Adsorption an Oberflächen (IV)

Mi 14:30-16:45

H36

O 22.1VortragMi 14:30H36
Änderung der Sauerstoff-Adsorptionsgeometrie auf Ru(0001) bei Koadsorption

•Y. D. Kim, S. Wendt, S. Schwegmann, H. Bludau, H. Over und G. Ertl
Fritz-Haber-Institut, Berlin

Das anomale Verhalten von Ruthenium bei der katalytischen CO-Oxidation ist eng verknüpft mit der Ausbildung sauerstoffreicher Phasen [1,2]. Da deren Formierung bei der dissoziativen O2-Adsorption kinetisch gehemmt ist, wurde für die Präparation Stickstoffdioxid verwendet. Auf diese Weise können auf der Ru(0001)-Oberfläche die folgenden Sauerstoffphasen dargestellt werden: (2×2)-O [3], (2×1)-O [4], (2×2)-3O, (1×1)-O [5] und (1×1)-O mit vergrabenem Sauerstoff. Die lokalen Sauerstoff-Adsorptionsgeometrien der Hochbedeckungsphasen wurden mit Hilfe von LEED-Strukturanalysen bestimmt und sollen kritisch verglichen werden. Koadsorption von Cs und CO verändern die Bindungsgeometrie von Sauerstoff, wie ebenfalls durch LEED-Strukturanalysen nachgewiesen werden konnte. Aus den spezifischen Strukturänderungen wird auf die Art der Wechselwirkung zwischen Sauerstoff und den Koadsorbaten geschlossen.

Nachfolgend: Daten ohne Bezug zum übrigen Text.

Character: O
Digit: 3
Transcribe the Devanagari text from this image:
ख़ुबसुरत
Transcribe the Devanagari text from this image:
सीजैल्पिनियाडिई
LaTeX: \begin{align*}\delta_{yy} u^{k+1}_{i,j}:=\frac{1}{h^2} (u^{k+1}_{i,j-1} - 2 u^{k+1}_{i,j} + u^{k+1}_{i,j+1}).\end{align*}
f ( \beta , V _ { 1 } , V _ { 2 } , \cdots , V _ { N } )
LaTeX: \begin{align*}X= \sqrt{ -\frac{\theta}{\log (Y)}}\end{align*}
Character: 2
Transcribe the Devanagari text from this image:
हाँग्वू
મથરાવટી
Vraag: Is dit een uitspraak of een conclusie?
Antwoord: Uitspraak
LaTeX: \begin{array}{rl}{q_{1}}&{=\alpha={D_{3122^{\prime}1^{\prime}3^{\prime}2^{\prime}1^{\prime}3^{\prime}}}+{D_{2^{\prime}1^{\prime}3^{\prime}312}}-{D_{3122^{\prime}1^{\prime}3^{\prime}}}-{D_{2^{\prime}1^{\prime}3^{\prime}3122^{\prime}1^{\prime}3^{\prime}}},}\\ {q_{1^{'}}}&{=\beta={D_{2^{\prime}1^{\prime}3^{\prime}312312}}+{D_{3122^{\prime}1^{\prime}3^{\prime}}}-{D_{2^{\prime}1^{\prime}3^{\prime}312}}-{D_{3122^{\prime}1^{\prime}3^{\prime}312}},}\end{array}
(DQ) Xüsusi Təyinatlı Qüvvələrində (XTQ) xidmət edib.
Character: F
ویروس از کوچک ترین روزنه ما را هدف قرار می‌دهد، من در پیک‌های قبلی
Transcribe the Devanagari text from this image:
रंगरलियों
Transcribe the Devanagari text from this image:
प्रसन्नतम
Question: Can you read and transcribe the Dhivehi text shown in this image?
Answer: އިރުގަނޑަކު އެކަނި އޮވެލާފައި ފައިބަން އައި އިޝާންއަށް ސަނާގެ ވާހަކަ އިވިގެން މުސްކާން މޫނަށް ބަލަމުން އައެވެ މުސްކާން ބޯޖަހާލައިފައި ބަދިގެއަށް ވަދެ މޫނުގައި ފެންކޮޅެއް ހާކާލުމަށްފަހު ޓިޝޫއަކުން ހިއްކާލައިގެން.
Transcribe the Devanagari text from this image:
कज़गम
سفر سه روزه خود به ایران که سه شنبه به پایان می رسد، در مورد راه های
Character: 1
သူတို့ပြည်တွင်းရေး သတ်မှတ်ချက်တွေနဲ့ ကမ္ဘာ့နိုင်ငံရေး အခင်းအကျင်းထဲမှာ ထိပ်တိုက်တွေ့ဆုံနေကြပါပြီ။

[1] C. H. F. Peden and D. W. Goodman, JPC 90, 1360 (1986)

[2] A. Böttcher, S. Schwegmann, H. Over, G. Ertl, JPC, accepted

[3] M. Lindroos, H. Pfnür, G. Held, D. Menzel, Surf. Sci. 222,451 (1989)

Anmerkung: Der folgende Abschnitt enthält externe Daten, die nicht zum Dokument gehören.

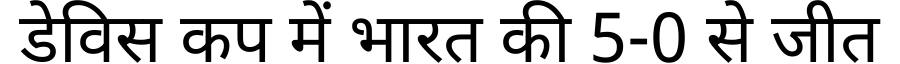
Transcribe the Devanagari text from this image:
डेविस कप में भारत की 5-0 से जीत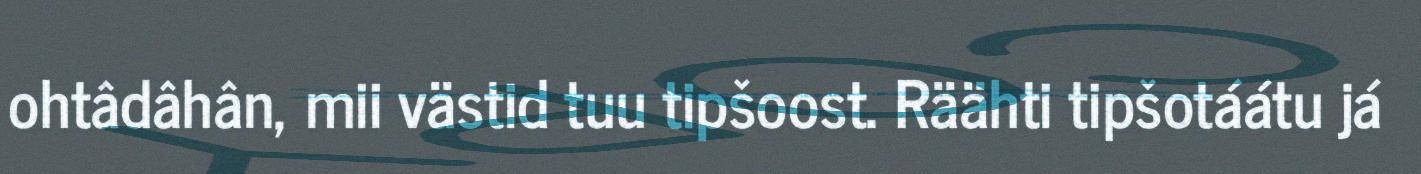
ohtâdâhân, mii västid tuu tipšoost. Räähti tipšotáátu já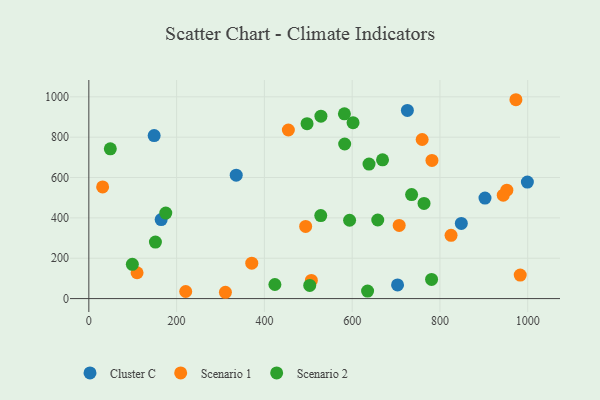
{"axis": {"x": "Ad Spend", "y": "Fuel Efficiency"}, "legend": ["Cluster C", "Scenario 1", "Scenario 2"], "data": [{"x": "725.8", "y": 932.6, "type": "Cluster C"}, {"x": "902.6", "y": 498.0, "type": "Cluster C"}, {"x": "335.8", "y": 611.7, "type": "Cluster C"}, {"x": "148.8", "y": 807.8, "type": "Cluster C"}, {"x": "999.2", "y": 577.6, "type": "Cluster C"}, {"x": "703.4", "y": 67.5, "type": "Cluster C"}, {"x": "164.8", "y": 391.7, "type": "Cluster C"}, {"x": "848.7", "y": 372.3, "type": "Cluster C"}, {"x": "952.4", "y": 537.5, "type": "Scenario 1"}, {"x": "454.6", "y": 835.5, "type": "Scenario 1"}, {"x": "781.8", "y": 684.7, "type": "Scenario 1"}, {"x": "982.9", "y": 116.3, "type": "Scenario 1"}, {"x": "707.1", "y": 362.6, "type": "Scenario 1"}, {"x": "973.1", "y": 985.6, "type": "Scenario 1"}, {"x": "944.2", "y": 512.3, "type": "Scenario 1"}, {"x": "31.4", "y": 553.4, "type": "Scenario 1"}, {"x": "494.0", "y": 357.8, "type": "Scenario 1"}, {"x": "507.0", "y": 90.1, "type": "Scenario 1"}, {"x": "109.9", "y": 128.1, "type": "Scenario 1"}, {"x": "311.2", "y": 31.3, "type": "Scenario 1"}, {"x": "825.3", "y": 313.6, "type": "Scenario 1"}, {"x": "371.2", "y": 175.3, "type": "Scenario 1"}, {"x": "759.5", "y": 788.5, "type": "Scenario 1"}, {"x": "220.7", "y": 35.1, "type": "Scenario 1"}, {"x": "735.4", "y": 515.4, "type": "Scenario 2"}, {"x": "658.3", "y": 389.4, "type": "Scenario 2"}, {"x": "602.0", "y": 872.0, "type": "Scenario 2"}, {"x": "582.9", "y": 766.1, "type": "Scenario 2"}, {"x": "503.3", "y": 65.4, "type": "Scenario 2"}, {"x": "48.9", "y": 742.3, "type": "Scenario 2"}, {"x": "763.7", "y": 471.5, "type": "Scenario 2"}, {"x": "638.4", "y": 666.9, "type": "Scenario 2"}, {"x": "99.1", "y": 169.7, "type": "Scenario 2"}, {"x": "582.3", "y": 915.7, "type": "Scenario 2"}, {"x": "594.1", "y": 388.3, "type": "Scenario 2"}, {"x": "669.2", "y": 687.9, "type": "Scenario 2"}, {"x": "151.7", "y": 280.3, "type": "Scenario 2"}, {"x": "780.9", "y": 94.9, "type": "Scenario 2"}, {"x": "528.8", "y": 904.1, "type": "Scenario 2"}, {"x": "528.4", "y": 411.6, "type": "Scenario 2"}, {"x": "635.1", "y": 37.2, "type": "Scenario 2"}, {"x": "497.2", "y": 866.8, "type": "Scenario 2"}, {"x": "175.3", "y": 423.6, "type": "Scenario 2"}, {"x": "423.9", "y": 69.8, "type": "Scenario 2"}]}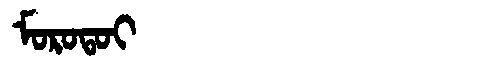
Manchu: ᠮᠣᡵᠣᡨᠣᡳ
Romanization: MOROTOI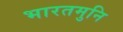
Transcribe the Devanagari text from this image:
भारतमुनि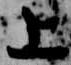
上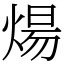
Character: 煬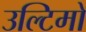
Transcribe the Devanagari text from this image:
उल्टिमो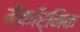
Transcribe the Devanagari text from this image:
मैकॉर्मिक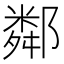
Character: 鄰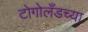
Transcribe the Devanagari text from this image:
टोगोलँडच्या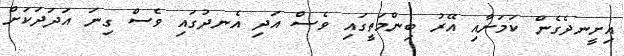
އިށީނދެގެން ކަމަށާއި އޭރު ބިންމަތީގައި ވެސް އަދި އެނދުގައި ވެސް ގިނަ އަދަދަކަށް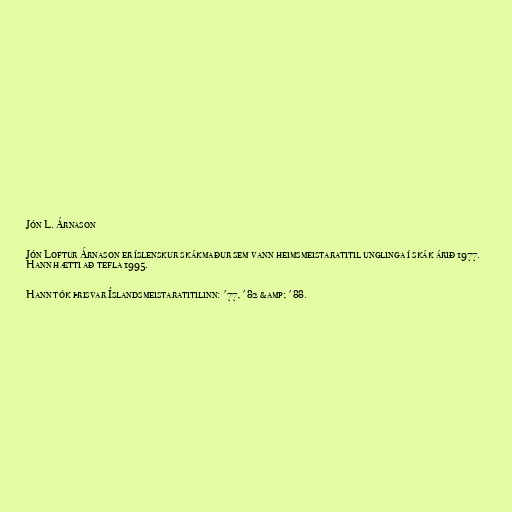
Jón L. Árnason

Jón Loftur Árnason er íslenskur skákmaður sem vann heimsmeistaratitil unglinga í skák árið 1977.
Hann hætti að tefla 1995.

Hann tók þrisvar Íslandsmeistaratitilinn: '77, '82 &amp; '88.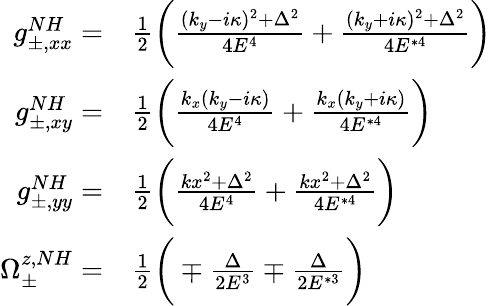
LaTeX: \begin{array}{rl}{g_{\pm,xx}^{NH}=}&{\frac{1}{2}\bigg(\frac{(k_{y}-i\kappa)^{2}+\Delta^{2}}{4E^{4}}+\frac{(k_{y}+i\kappa)^{2}+\Delta^{2}}{4E^{*4}}\bigg)}\\ {g_{\pm,xy}^{NH}=}&{\frac{1}{2}\bigg(\frac{k_{x}(k_{y}-i\kappa)}{4E^{4}}+\frac{k_{x}(k_{y}+i\kappa)}{4E^{*4}}\bigg)}\\ {g_{\pm,yy}^{NH}=}&{\frac{1}{2}\bigg(\frac{kx^{2}+\Delta^{2}}{4E^{4}}+\frac{kx^{2}+\Delta^{2}}{4E^{*4}}\bigg)}\\ {\Omega_{\pm}^{z,NH}=}&{\frac{1}{2}\bigg(\mp\frac{\Delta}{2E^{3}}\mp\frac{\Delta}{2E^{*3}}\bigg)}\end{array}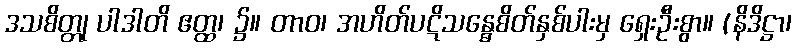
ဒသစိတ္တု ပါဒါတိ ဧတ္ထ၊ ၌။ တာဝ၊ အဟိတ်ပဋိသန္ဓေစိတ်နှစ်ပါးမှ ရှေးဦးစွာ။ (နိဒိဋ္ဌာ၊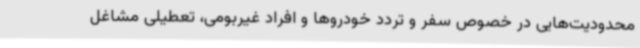
محدودیت‌هایی در خصوص سفر و تردد خودروها و افراد غیربومی، تعطیلی مشاغل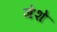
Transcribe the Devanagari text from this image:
जेशे

[4] H. Pfnür, G. Held, M. Lindroos, D. Menzel, Surf. Sci. 220, 43 (1989)

[5] C. Stampfl, S. Schwegmann, H. Over, M. Scheffler, G. Ertl, PRL 77, 3371 (1996)


O 22.2VortragMi 14:45H36
Reguläre binäre Mischung in zwei Dimensionen: N und O auf Ru(0001)

•C. Nagl, R. Schuster, S. Renisch und G. Ertl
Fritz-Haber-Institut der Max-Planck Gesellschaft, Faradayweg 4-6, 14195 Berlin

Mittels STM wurde das thermodynamische Verhalten einer zweidimensionalen Mischung von N und O auf Ru(0001) untersucht. Stickstoff und Sauerstoff bilden im thermodynamischen Gleichgewicht zwei Phasen mit unterschiedlicher Dichte: Eine O-reiche, dichte 2×2-Phase und ein N-reiches Gittergas. Die Menge an N in der dichten 2×2-Phase ist nun stark abhängig von der Dichte und damit vom Druck des zweidimensionalen Gittergases. Die geringere Menge an N in der dichten Phase deutet auf eine positive Mischungsenthalpie hin. Aus der Abhängigkeit des Gittergasdrucks von der Menge des in der dichten Phase gelösten N kann im Rahmen der Bragg-Williams Approximation - analog zu einer regulären binären Mischung in 3D - die Wechselwirkungsenergie zwischen N und O bestimmt werden. Monte-Carlo-Simulationen zeigen eine gute Übereinstimmung mit den experimentellen Daten und damit auch die Anwendbarkeit der Bragg-Williams Approximation auf dieses System.


O 22.3VortragMi 15:00H36
Messung der lateralen Adsorbat-Wechselwirkung von Sauerstoff auf Ru(0001) durch STM-Beobachtung der thermischen Diffusion

•S. Renisch, R. Schuster, J. Trost, J. Wintterlin und G. Ertl
Fritz-Haber-Institut der Max-Planck-Gesellschaft, Faradayweg 4-6, D-14195 Berlin

Die laterale Wechselwirkung in Adsorbatschichten ist eine bestimmende Größe für deren thermodynamische Eigenschaften, wie Ordnungsverhalten etc., ihre Messung ist jedoch mit den meisten Verfahren nur indirekt möglich.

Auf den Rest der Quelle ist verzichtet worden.